(Extracted data entries)
————————

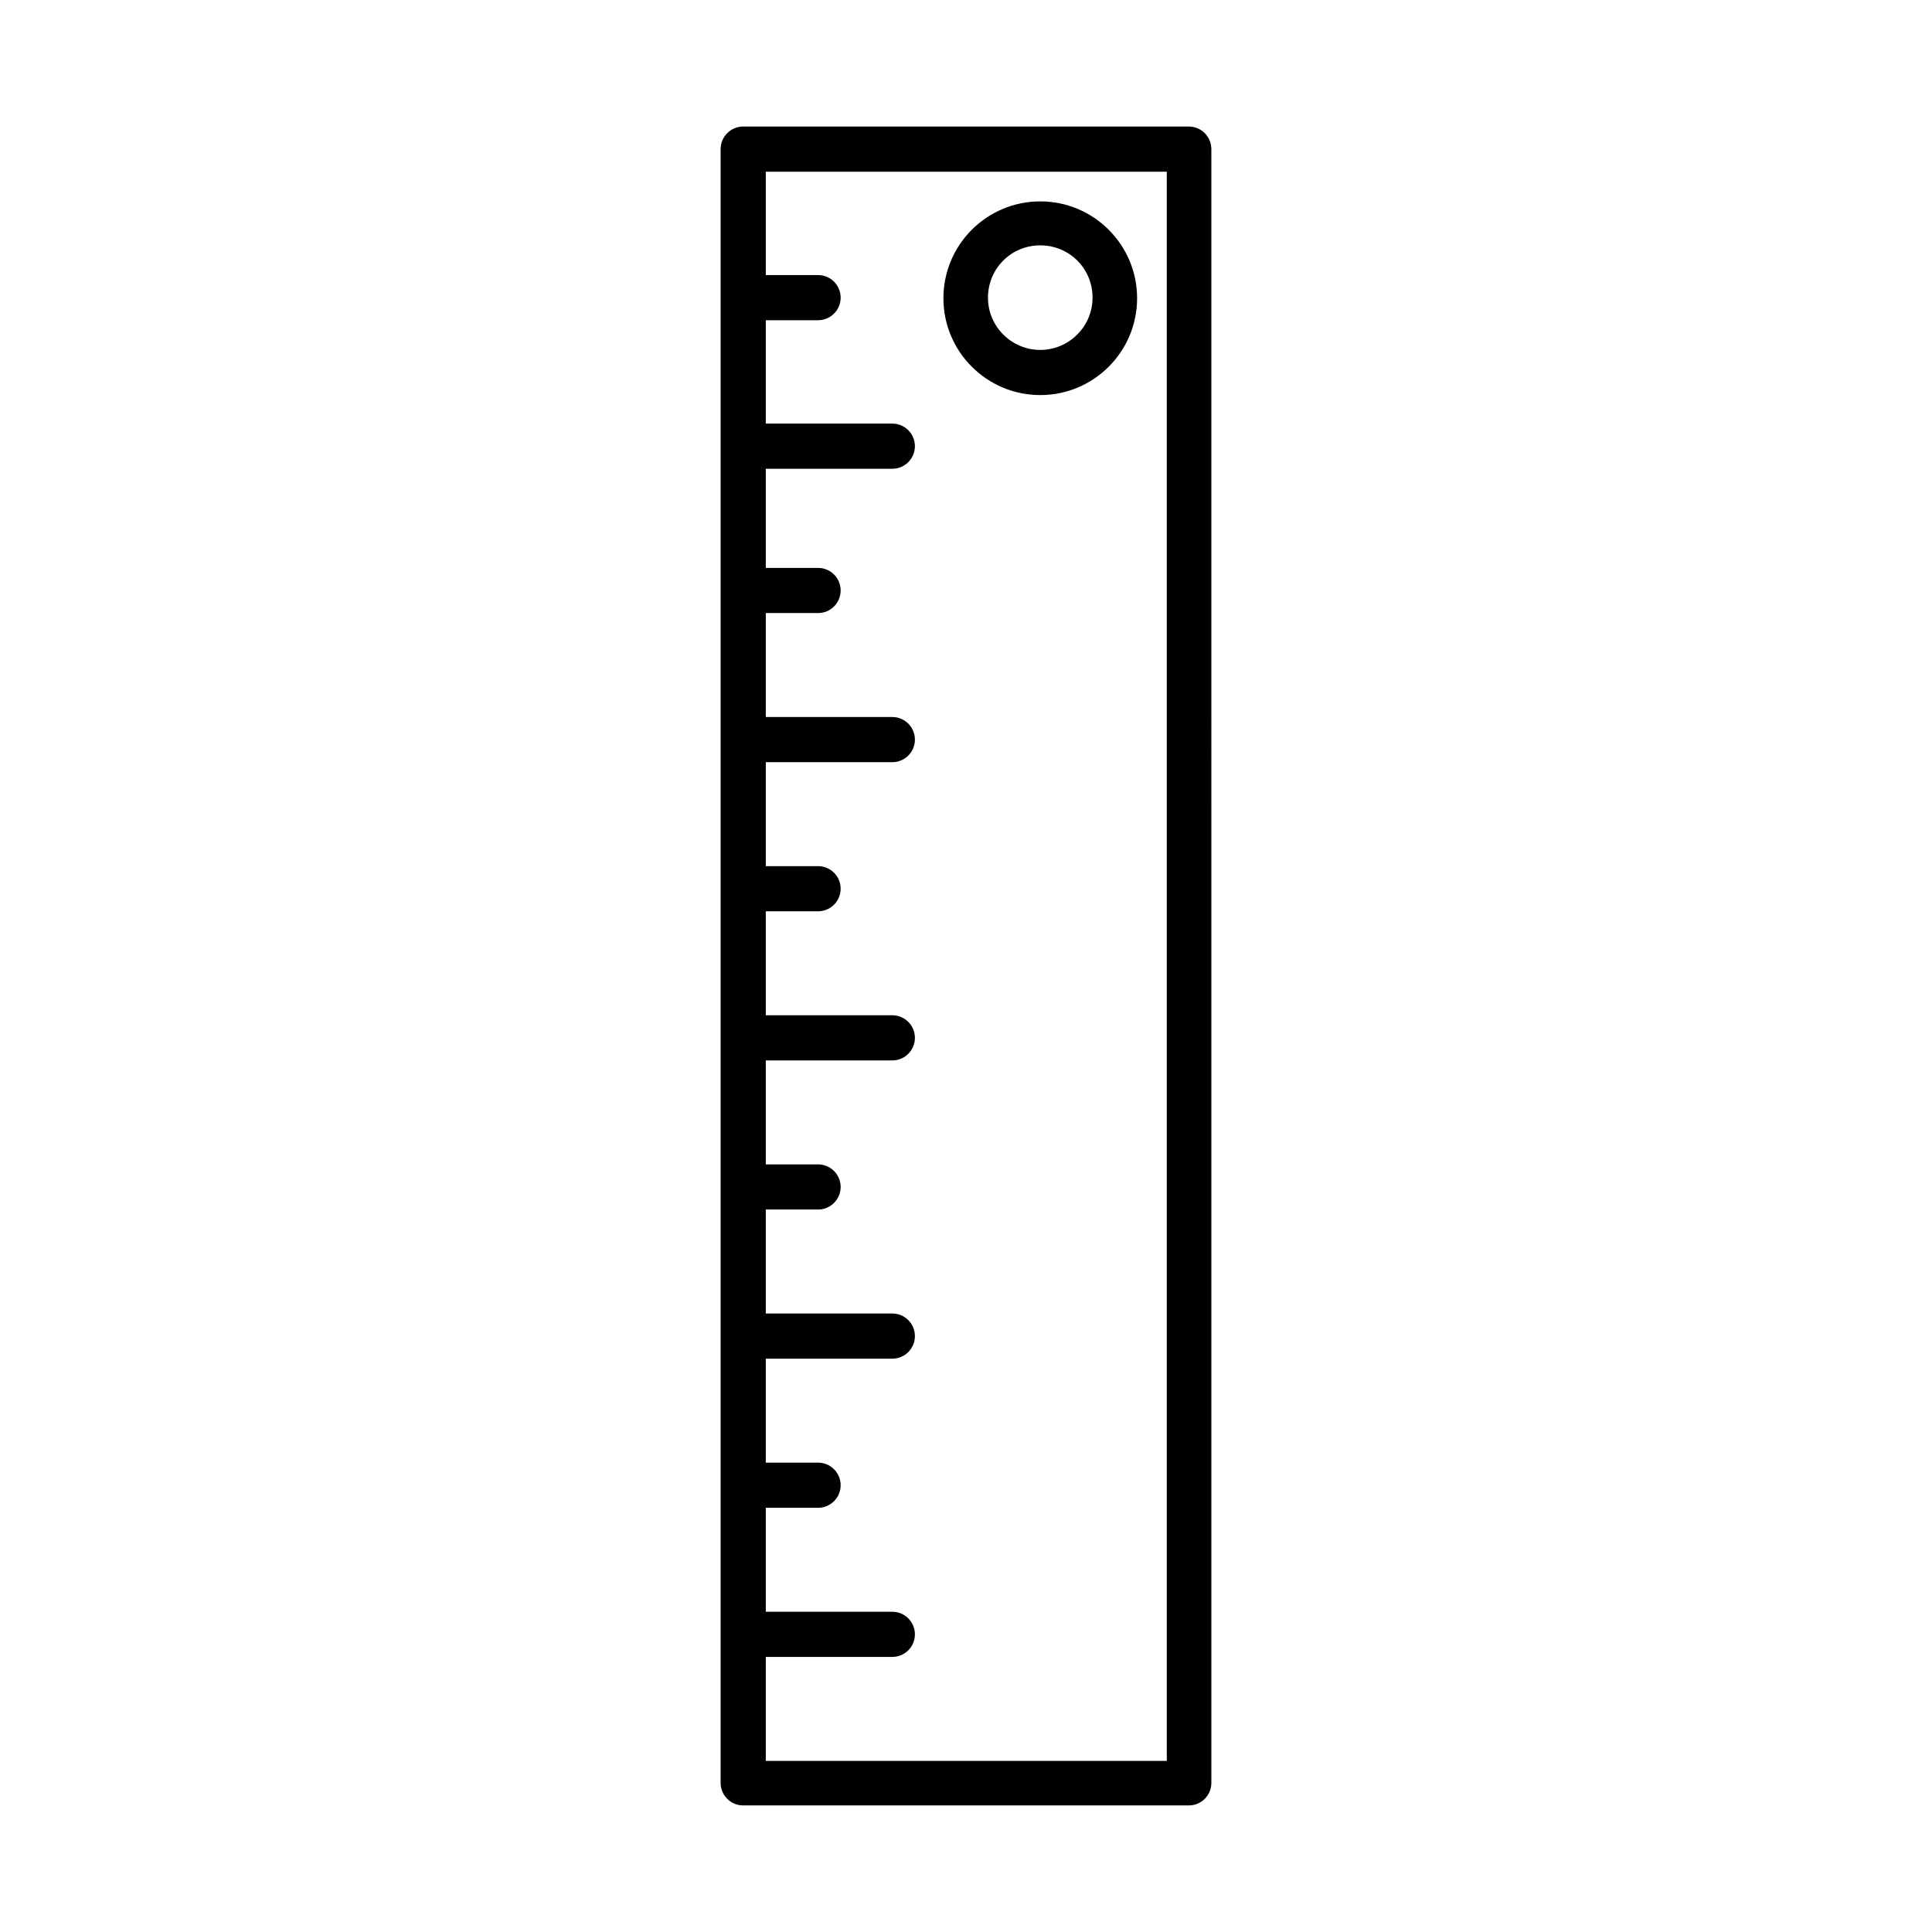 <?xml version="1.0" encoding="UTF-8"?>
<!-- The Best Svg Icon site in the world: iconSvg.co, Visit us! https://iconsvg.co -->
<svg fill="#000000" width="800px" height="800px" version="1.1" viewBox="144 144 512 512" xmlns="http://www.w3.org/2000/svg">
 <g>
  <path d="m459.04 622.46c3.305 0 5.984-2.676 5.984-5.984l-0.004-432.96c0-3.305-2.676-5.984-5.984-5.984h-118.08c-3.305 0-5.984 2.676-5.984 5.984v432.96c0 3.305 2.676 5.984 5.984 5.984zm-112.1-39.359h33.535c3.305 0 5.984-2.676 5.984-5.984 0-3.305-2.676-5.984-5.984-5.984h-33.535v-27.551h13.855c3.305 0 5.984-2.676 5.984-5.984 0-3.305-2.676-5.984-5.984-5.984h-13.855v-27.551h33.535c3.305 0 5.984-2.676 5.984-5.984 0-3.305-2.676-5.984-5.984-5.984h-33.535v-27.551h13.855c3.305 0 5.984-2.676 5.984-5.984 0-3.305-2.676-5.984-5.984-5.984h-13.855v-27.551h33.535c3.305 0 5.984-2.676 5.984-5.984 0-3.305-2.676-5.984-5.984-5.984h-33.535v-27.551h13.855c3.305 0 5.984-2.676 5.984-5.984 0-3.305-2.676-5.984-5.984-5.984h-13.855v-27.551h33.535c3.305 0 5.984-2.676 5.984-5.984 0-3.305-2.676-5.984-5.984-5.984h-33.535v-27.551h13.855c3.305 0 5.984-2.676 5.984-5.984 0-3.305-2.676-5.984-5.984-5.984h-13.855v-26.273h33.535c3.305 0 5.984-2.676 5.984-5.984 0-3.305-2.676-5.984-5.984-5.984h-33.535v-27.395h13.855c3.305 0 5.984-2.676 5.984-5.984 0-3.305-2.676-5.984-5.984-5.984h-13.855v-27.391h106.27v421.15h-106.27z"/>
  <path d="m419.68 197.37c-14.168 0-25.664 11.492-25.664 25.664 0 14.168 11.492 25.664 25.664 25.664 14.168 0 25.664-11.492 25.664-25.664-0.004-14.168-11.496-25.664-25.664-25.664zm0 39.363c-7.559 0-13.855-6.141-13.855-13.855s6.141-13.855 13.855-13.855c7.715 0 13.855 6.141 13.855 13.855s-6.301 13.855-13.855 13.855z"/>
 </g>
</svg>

————————

### Problem to work on
When a line contains the string "path", copy it from the records.

### Task answer
  <path d="m459.04 622.46c3.305 0 5.984-2.676 5.984-5.984l-0.004-432.96c0-3.305-2.676-5.984-5.984-5.984h-118.08c-3.305 0-5.984 2.676-5.984 5.984v432.96c0 3.305 2.676 5.984 5.984 5.984zm-112.1-39.359h33.535c3.305 0 5.984-2.676 5.984-5.984 0-3.305-2.676-5.984-5.984-5.984h-33.535v-27.551h13.855c3.305 0 5.984-2.676 5.984-5.984 0-3.305-2.676-5.984-5.984-5.984h-13.855v-27.551h33.535c3.305 0 5.984-2.676 5.984-5.984 0-3.305-2.676-5.984-5.984-5.984h-33.535v-27.551h13.855c3.305 0 5.984-2.676 5.984-5.984 0-3.305-2.676-5.984-5.984-5.984h-13.855v-27.551h33.535c3.305 0 5.984-2.676 5.984-5.984 0-3.305-2.676-5.984-5.984-5.984h-33.535v-27.551h13.855c3.305 0 5.984-2.676 5.984-5.984 0-3.305-2.676-5.984-5.984-5.984h-13.855v-27.551h33.535c3.305 0 5.984-2.676 5.984-5.984 0-3.305-2.676-5.984-5.984-5.984h-33.535v-27.551h13.855c3.305 0 5.984-2.676 5.984-5.984 0-3.305-2.676-5.984-5.984-5.984h-13.855v-26.273h33.535c3.305 0 5.984-2.676 5.984-5.984 0-3.305-2.676-5.984-5.984-5.984h-33.535v-27.395h13.855c3.305 0 5.984-2.676 5.984-5.984 0-3.305-2.676-5.984-5.984-5.984h-13.855v-27.391h106.27v421.15h-106.27z"/>
  <path d="m419.68 197.37c-14.168 0-25.664 11.492-25.664 25.664 0 14.168 11.492 25.664 25.664 25.664 14.168 0 25.664-11.492 25.664-25.664-0.004-14.168-11.496-25.664-25.664-25.664zm0 39.363c-7.559 0-13.855-6.141-13.855-13.855s6.141-13.855 13.855-13.855c7.715 0 13.855 6.141 13.855 13.855s-6.301 13.855-13.855 13.855z"/>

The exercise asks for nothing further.